Wednesday, February 09, 2005
If Rebecca Threw the Race, Who Could Blame Her?
Watching The Amazing Race last night, I was struck by how poised, intelligent, and considerate Rebecca was. Looking over the season, it is utterly clear how much she valued love and how little her partner was capable of giving. It looks to me that after the fight at the train station in Sri Lanka, she continued to race, but stopped trying to win. The other couples in the race at that point loved each other, and I honestly think that she decided to give it to one of them. The point where she showed her hand? When she unlocked the lock moments after Hayden and Aaron gave up. That was not a coincidence.

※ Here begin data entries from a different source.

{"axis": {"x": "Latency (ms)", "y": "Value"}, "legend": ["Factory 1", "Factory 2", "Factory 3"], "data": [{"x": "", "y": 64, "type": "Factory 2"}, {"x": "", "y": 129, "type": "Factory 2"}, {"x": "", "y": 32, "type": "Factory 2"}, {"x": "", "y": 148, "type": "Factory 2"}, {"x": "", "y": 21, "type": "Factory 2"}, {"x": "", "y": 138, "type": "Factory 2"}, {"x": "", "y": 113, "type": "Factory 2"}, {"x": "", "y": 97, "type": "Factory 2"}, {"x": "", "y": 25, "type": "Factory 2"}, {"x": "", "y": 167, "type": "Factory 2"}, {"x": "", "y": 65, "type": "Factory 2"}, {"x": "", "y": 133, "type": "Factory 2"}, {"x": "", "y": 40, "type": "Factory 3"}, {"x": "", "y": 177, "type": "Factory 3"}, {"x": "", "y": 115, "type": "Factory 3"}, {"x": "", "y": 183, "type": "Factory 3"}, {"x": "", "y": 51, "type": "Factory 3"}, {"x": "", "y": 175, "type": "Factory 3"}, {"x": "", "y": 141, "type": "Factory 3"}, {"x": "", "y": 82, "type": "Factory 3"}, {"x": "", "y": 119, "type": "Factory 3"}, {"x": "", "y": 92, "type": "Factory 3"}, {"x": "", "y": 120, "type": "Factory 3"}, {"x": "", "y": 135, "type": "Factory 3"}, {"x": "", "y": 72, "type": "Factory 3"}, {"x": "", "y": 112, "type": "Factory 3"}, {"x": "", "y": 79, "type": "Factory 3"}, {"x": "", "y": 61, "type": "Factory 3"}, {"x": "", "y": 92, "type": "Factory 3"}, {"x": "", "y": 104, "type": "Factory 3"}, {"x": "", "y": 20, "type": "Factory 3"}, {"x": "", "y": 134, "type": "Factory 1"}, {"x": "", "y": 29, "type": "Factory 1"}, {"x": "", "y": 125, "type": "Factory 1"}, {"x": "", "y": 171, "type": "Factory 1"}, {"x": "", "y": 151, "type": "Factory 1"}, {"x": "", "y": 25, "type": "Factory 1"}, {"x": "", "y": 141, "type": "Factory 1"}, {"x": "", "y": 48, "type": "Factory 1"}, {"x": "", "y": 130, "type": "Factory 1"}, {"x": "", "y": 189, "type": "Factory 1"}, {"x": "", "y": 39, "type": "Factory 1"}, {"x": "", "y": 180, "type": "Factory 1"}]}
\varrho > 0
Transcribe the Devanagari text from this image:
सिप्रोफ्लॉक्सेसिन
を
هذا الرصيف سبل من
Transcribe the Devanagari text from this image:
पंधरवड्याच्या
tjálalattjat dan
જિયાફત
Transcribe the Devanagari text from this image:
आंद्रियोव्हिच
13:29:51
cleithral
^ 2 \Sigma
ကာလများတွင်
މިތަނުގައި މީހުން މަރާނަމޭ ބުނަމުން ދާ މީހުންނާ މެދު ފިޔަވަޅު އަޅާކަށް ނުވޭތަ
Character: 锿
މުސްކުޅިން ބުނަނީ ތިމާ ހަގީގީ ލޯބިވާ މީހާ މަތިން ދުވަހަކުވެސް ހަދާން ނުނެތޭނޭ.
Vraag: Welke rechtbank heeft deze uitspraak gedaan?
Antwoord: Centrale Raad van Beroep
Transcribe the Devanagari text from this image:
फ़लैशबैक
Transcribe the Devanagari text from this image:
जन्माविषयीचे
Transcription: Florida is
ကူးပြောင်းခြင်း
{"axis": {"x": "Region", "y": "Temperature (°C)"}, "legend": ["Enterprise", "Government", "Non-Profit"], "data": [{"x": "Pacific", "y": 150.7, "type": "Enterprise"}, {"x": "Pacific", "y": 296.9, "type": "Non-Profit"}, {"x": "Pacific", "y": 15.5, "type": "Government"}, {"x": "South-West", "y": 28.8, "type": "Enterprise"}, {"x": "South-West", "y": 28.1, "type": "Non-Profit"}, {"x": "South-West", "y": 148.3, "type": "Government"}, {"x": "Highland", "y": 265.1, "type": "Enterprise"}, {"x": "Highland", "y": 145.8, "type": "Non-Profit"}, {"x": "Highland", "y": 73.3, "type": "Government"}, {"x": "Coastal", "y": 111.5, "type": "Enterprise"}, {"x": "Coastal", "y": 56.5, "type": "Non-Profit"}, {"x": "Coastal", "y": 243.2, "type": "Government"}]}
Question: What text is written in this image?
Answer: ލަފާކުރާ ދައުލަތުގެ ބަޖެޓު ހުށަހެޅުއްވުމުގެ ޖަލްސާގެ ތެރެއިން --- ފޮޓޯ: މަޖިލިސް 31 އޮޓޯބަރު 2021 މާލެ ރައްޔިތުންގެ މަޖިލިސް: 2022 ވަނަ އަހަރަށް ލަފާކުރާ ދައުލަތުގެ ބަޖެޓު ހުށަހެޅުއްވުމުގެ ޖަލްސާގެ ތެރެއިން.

The only reason I am publishing this speculation at all is that the other half of her team cannot say that she sabotaged the team any worse than he did. At almost every significant event where teamwork was called for, Adam invested substantial amounts of time and energy dumping on his team. The mental cruelty routinely inflicted by Adam on Rebecca is in no way indicative of a person engaged in the process of winning a contest involving teamwork.

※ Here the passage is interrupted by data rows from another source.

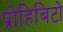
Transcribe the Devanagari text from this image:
प्रोहिबिटो
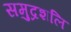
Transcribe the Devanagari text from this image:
समुद्रशलि
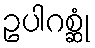
ဥပါဂစ္ဆုံ
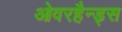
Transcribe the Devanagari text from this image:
ओवरहैन्ड्स
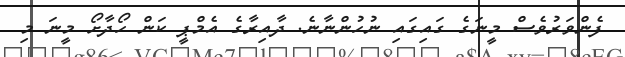
ފެންވަރުވެސް މީނަގެ ގައިގައި ނުހުންނާނެ. ދާއިރާގެ އެމްޕީ ކަން ހޯދާށޯ މީނަ މި
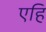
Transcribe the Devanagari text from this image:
एहिं
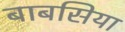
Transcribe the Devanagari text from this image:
बाबसिया
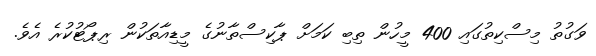
ވަގުތު މިސްކިތުގައި 400 މީހުން ތިބި ކަމަށް ޕާކިސްތާނުގެ މީޑިއާތަކުން ރިޕޯޓުކުރެ އެވެ.
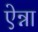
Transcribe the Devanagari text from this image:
ऐन्ना
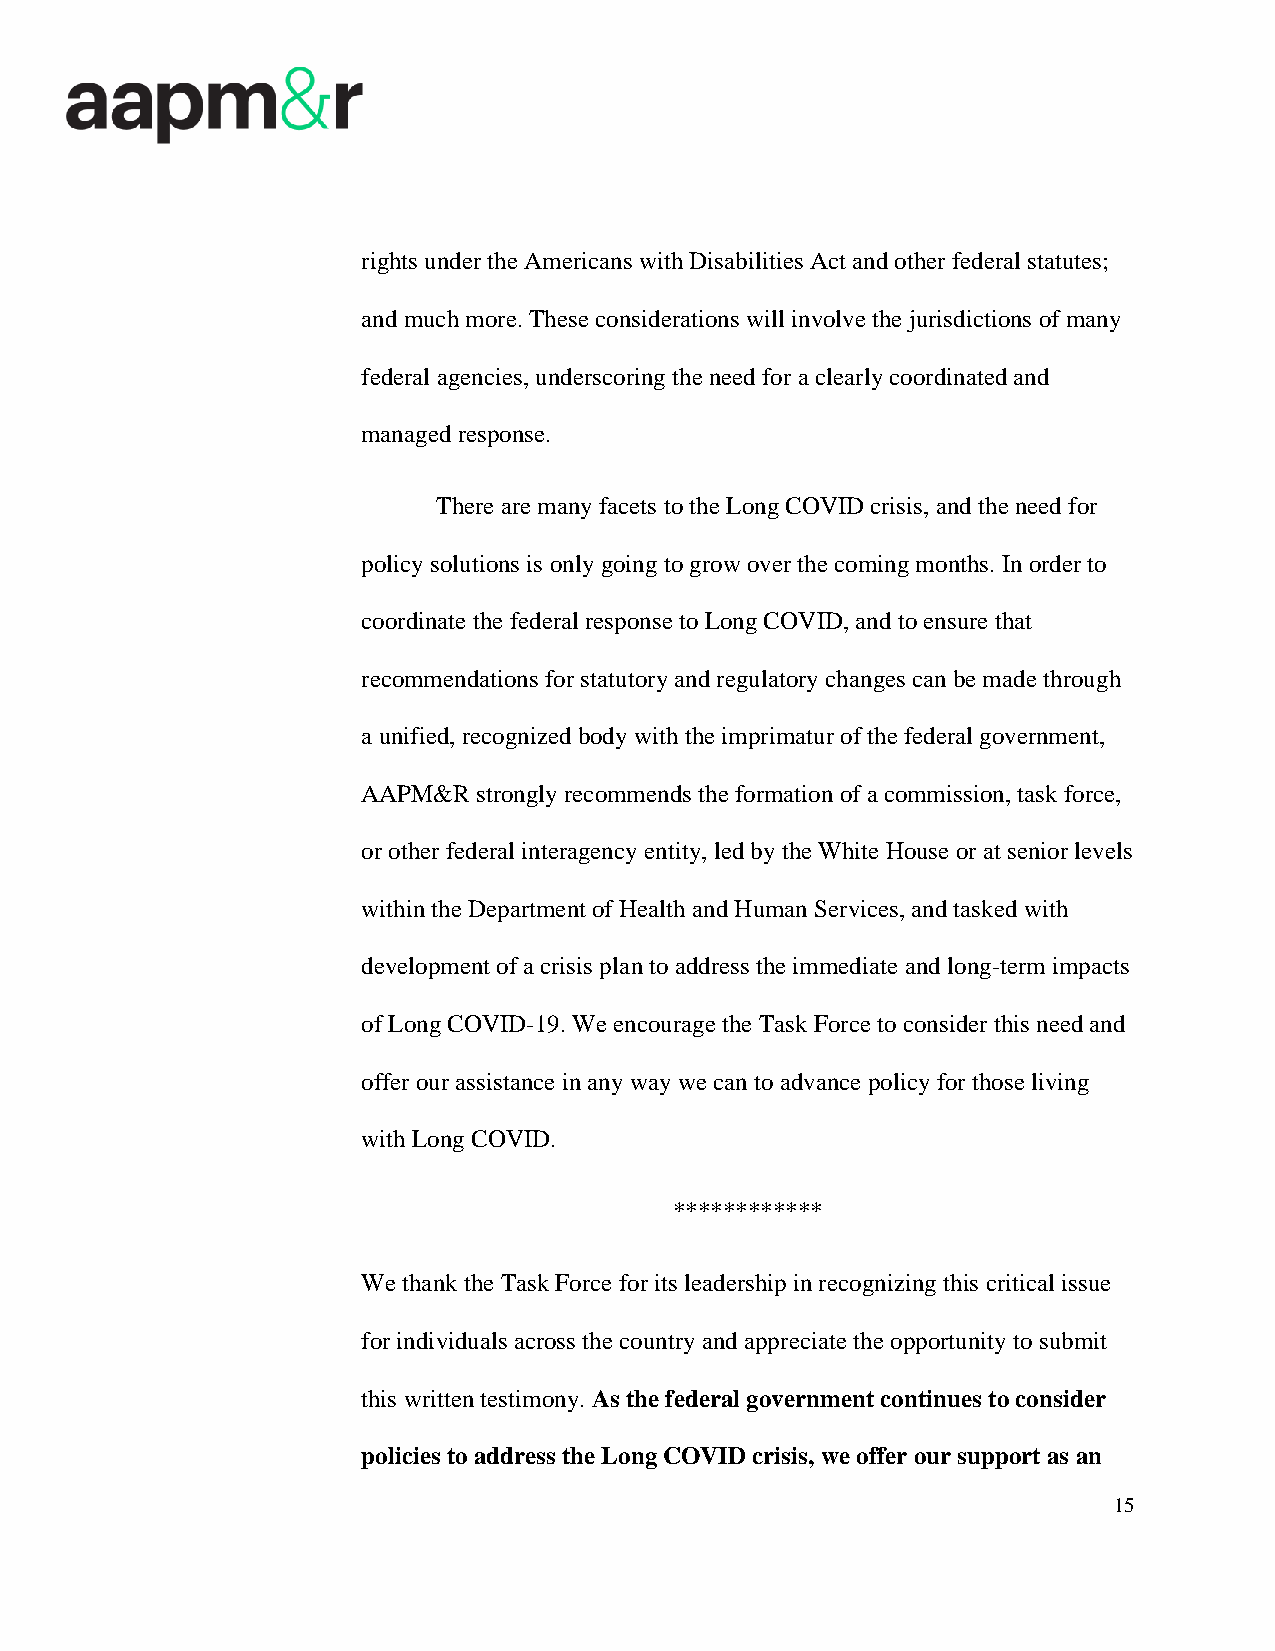
rights under the Americans with Disabilities Act and other federal statutes;
 and much more. These considerations will involve the jurisdictions of many
 federal agencies, underscoring the need for a clearly coordinated and
 managed response.
 There are many facets to the Long COVID crisis, and the need for
 policy solutions is only going to grow over the coming months. In order to
 coordinate the federal response to Long COVID, and to ensure that
 recommendations for statutory and regulatory changes can be made through
 a unified, recognized body with the imprimatur of the federal government,
 AAPM&R  strongly recommends the formation of a commission, task force,
 or other federal interagency entity, led by the White House or at senior levels
 within the Department of Health and Human Services, and tasked with
 development of a crisis plan to address the immediate and long-term impacts
 of Long COVID-19. We encourage the Task Force to consider this need and
 offer our assistance in any way we can to advance policy for those living
 with Long COVID.
 ************
 We thank the Task Force for its leadership in recognizing this critical issue
 for individuals across the country and appreciate the opportunity to submit
 this written testimony. As the federal government continues to consider
 policies to address the Long COVID crisis, we offer our support as an
 15

Rebecca, if you made that choice, I support you in it. I have told my wife that if we are fortunate enough to get on the race, my relationship with her is worth more to me than the prize offered. I can certainly understand that Rebecca could value love enough to make the same choice, inverted. All of the final five couples were in love with each other, save hers. Rebecca is a deeply spiritual person who made a spiritual choice to support love in the world. It is a damned shame that she could not do that with the person who she was teamed with.

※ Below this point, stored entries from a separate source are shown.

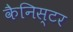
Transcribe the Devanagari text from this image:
कैनिस्टर
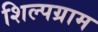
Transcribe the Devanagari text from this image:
शिल्‍पग्राम
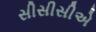
સીસીસીએ
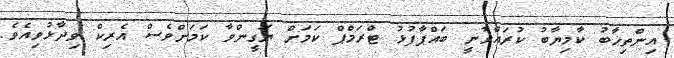
އިންތިޚާބު ކާމިޔާބު ކުރައްވާނީ ބައްޕާފުޅު ޓްރަމްޕް ކަމަށް ޔަގީންވާ ކަމަށްވެސް އެރިކް ވިދާޅުވިއެވެ.
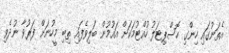
އެތަނުގައި ހިންގި ހޮސްޕިޓަލު ހުއްޓުމަކަށް އައުމުން ބަލިވެފައި ތިބި މީހުނަށް ފަރުވާ ނުދެވި
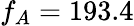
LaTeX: f_{A}=193.4
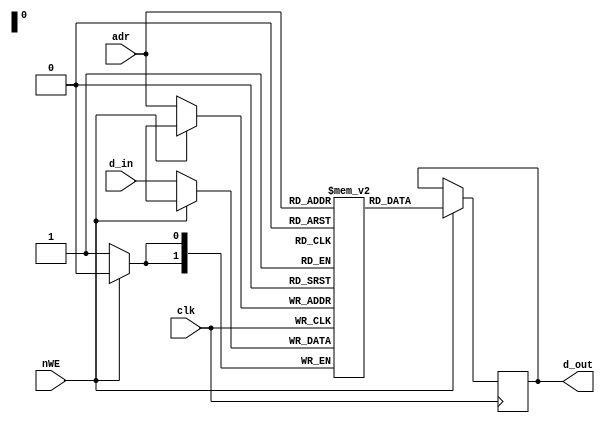
module sram #(parameter AW = 2,
              DW = 2)
             (clk,
              nWE,
              adr,
              d_in,
              d_out);
    // AW: Address Width
    // DW: Data Width
    input clk;
    input nWE;
    input[AW-1:0] adr;
    input[DW-1:0] d_in;
    output reg[DW-1:0] d_out;
    
    reg[DW-1:0] DataStorage[(1<<AW)-1:0];
    
    always @(posedge clk) begin
        if (nWE) begin
            d_out[DW-1:0] <= #5 DataStorage[adr][DW-1:0];
        end
        else begin
            DataStorage[adr][DW-1:0] <= #5 d_in;
        end
    end
    
endmodule
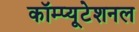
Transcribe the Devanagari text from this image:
कॉम्प्यूटेशनल
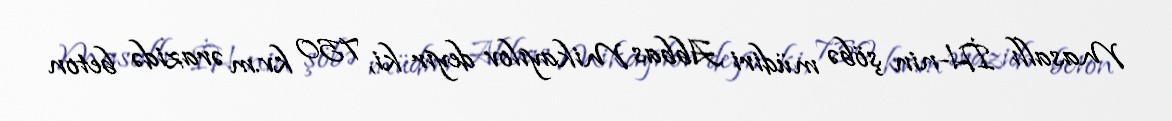
Masallı İH-nin şöbə müdiri Abbas Mikayılov deyir ki, 750 kv.m ərazidə beton
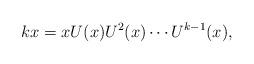
LaTeX: \begin{align*}kx=x U(x) U^2(x) \cdots U^{k-1}(x),\end{align*}
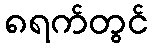
၈ရက်တွင်
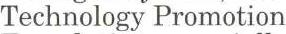
Technology Promotion
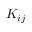
K _ { i j }
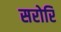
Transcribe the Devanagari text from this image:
सरोरि

I really hope Rebecca finds a love worthy of her and that she gets a chance to live as well as she deserves.
Tuesday, February 08, 2005
Earlier Notes on Protest
I have discussed my father and protest earlier. This is my eulogy to dad.
The Sweet Sting of Significance!
I was on the rooftop looking down at the protesters in 2001 with Michael as his friends pointed out idiots they personally knew in the crowd of May Day wanna-be's. Growing up in the anti-war movement, I had the chance to learn what kind of protest accomplished change and what accomplished noise. It seems like all the effective, ethical protest organizers have gone away.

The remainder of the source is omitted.